31 mei 2018

Een dikke huid

De Amerikaanse rechtsgeleerde Nadine Strossen debatteerde in Brussel met Europees commissaris voor Justitie Věra Jourová, die de strijd heeft aangebonden met 'hate speech'. In De Volkskrant waarschuwt Strossen voor het gemak waarmee allerlei uit moreel oogpunt onwelvoeglijke uitingen tegenwoordig onder de noemer van 'hate speech' worden gebracht. ‘Het wordt in het dagelijkse spraakgebruik een vergaarbak voor alles wat mensen verfoeien.’ Ze keert zich tegen wetgeving die haatzaaien moet inperken. Volgens haar werkt dat averechts en is het ook een onaanvaardbare vorm van overheidscensuur.

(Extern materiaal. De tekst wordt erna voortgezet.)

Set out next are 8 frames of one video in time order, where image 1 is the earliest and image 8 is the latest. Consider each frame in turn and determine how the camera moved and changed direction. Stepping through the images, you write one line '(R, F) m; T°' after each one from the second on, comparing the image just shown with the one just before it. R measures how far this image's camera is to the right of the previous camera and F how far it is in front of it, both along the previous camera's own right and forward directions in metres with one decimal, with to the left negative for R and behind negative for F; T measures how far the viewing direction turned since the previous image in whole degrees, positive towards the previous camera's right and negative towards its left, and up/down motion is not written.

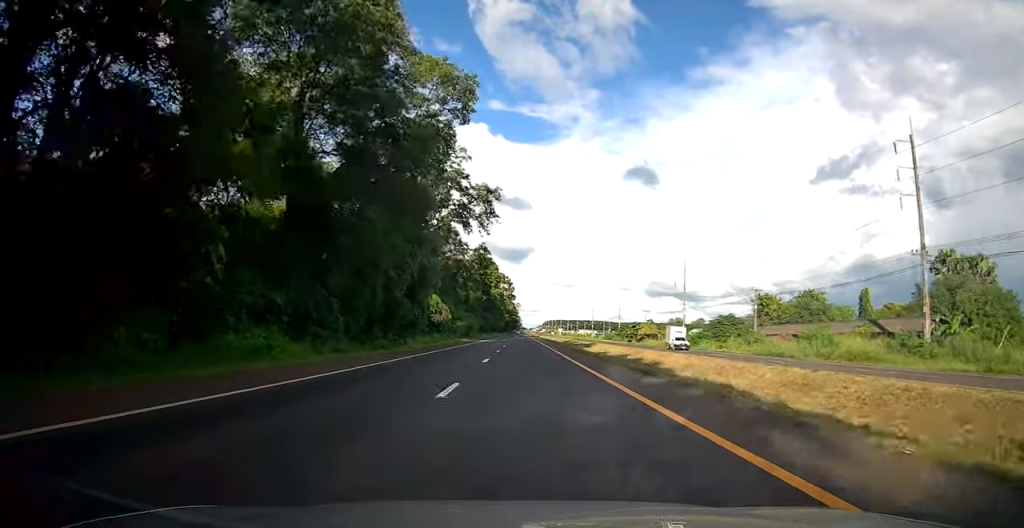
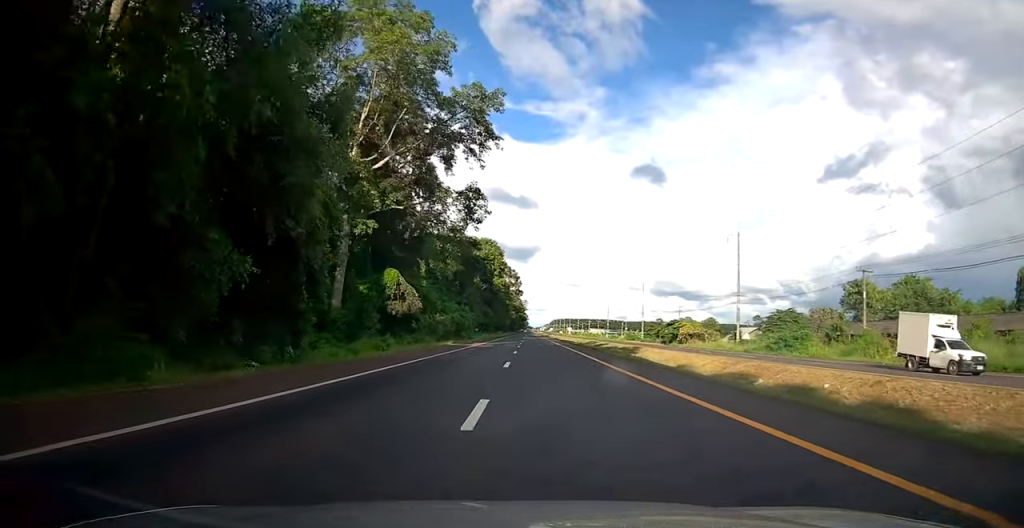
(0.0, +28.8) m; 0°
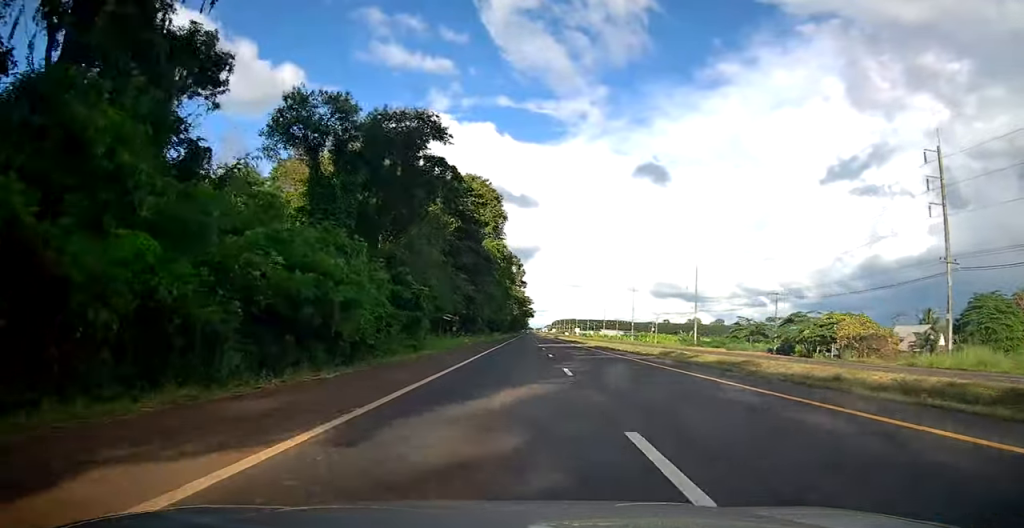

Strossen, voormalig voorzitter van de burgerrechtenbeweging American Civil Liberties Union (ACLU), heeft een belangrijke boodschap voor links. Nu claimt populistisch rechts in het debat over haatzaaien de vrijheid van meningsuiting. Alle linkse verontwaardiging over haatdragende boodschappen wordt met een beroep op de uitingsvrijheid even verontwaardigd afgewezen. Rechtse politici presenteren zich 'als martelaar van het vrije woord en dat levert sympathie op. Oppervlakkig gezien lijkt het een overwinning wanneer haatzaaiers geen podium krijgen, maar op de lange termijn helpt het hen juist.’
Daarbij komt dat alle wetgeving op dit gebied vaag en ruim geformuleerd zal moeten worden. Je kunt nu eenmaal geen letterlijke teksten in verbodbepalingen onderbrengen. Het betekent dat wetgeving tegen 'hate speech' een ruime interpretatie mogelijk maakt. En die kan volgens Strossen door de staat, afhankelijk van de politieke wind, naar believen ingezet worden, evengoed tegen links als tegen rechts. Ze geeft het voorbeeld van Franse wetgeving die de veroordeling van een Palestijnse activist mogelijk maakte wegens kritiek op de staat Israël. 

Strossen:
‘Het is heel simpel. Wanneer we de overheid toestaan om namens de meerderheid te bepalen welke ideeën impopulair, gevaarlijk of beangstigend zijn, dan is geen enkel idee meer veilig – en zeker niet de ideeën die opkomen voor het belang van een minderheid. Daarom hebben juist mensen van een politieke, etnische of religieuze minderheid het grootste belang bij een overheid die voor vrije meningsuiting staat.’
Moeten we de haatpredikers dan hun gang maar laten gaan? Het open en vrij met elkaar discussiëren behoort tot het wezen van de democratie. Daar moet je volgens Strossen niet aan tornen. Haatzaaien hoef je echter niet te laten passeren. Je kunt er tegenin gaan. 'De beste manier om ons te verzetten tegen de haat is door méér meningsuiting en tegenspraak te organiseren. We zullen ons moeten verzetten door in gesprek te gaan.’ En wees er niet bang voor. We zullen mensen moeten leren om zichzelf weerbaar te maken, om te reageren en een belediging of argument te weerleggen. 'Je moet dus leren een dikkere huid te kweken en weerwoord te bieden.'

Maar

Het standpunt van Nadine Strossen spreekt mij aan. Het gaat uit van de kracht van het vrije debat waarin in principe alle uitingen gelijk worden behandeld. Ik zie dat met haar als een links standpunt dat de emancipatie van individu en groep alleen maar bevordert. Maar ook bij links zien we regelmatig heimelijke verlangens naar een ongelijke behandeling van uitingen, het uitsluiten van bepaalde standpunten in het maatschappelijk debat. Je mag wel alles zeggen, maar....En wat daarna komt is niet zelden geïnspireerd door morele overwegingen of gevoelens. Subjectief, tijd-, plaats- en milieugebonden. En dus wat mij betreft wel onderdeel van het vrije debat maar niet inzetbaar om eenzijdig grenzen te stellen voor de uitingsvrijheid van tegenstanders in het debat.

Toch heb ik ook een maar... Ik zie anders dan Nadine Strossen toch wel een grens aan de vrijheid van het debat. Een uiting die anderen verhindert deel te nemen aan het debat kunnen we, juist vanwege het principe van het vrije debat, niet zomaar laten passeren. Dat kan een bedreiging zijn, dat kan het aanjagen van angst zijn, dat kan ook een zware persoonlijke belediging zijn, smaad of laster die voortzetting van het debat in de praktijk onmogelijk maakt. Wie de ander monddood wil maken handelt tegen het principe van de uitingsvrijheid. Daarom is het toch goed dat er minimale wettelijke beperkingen zijn die door onafhankelijke rechters kunnen worden toegepast.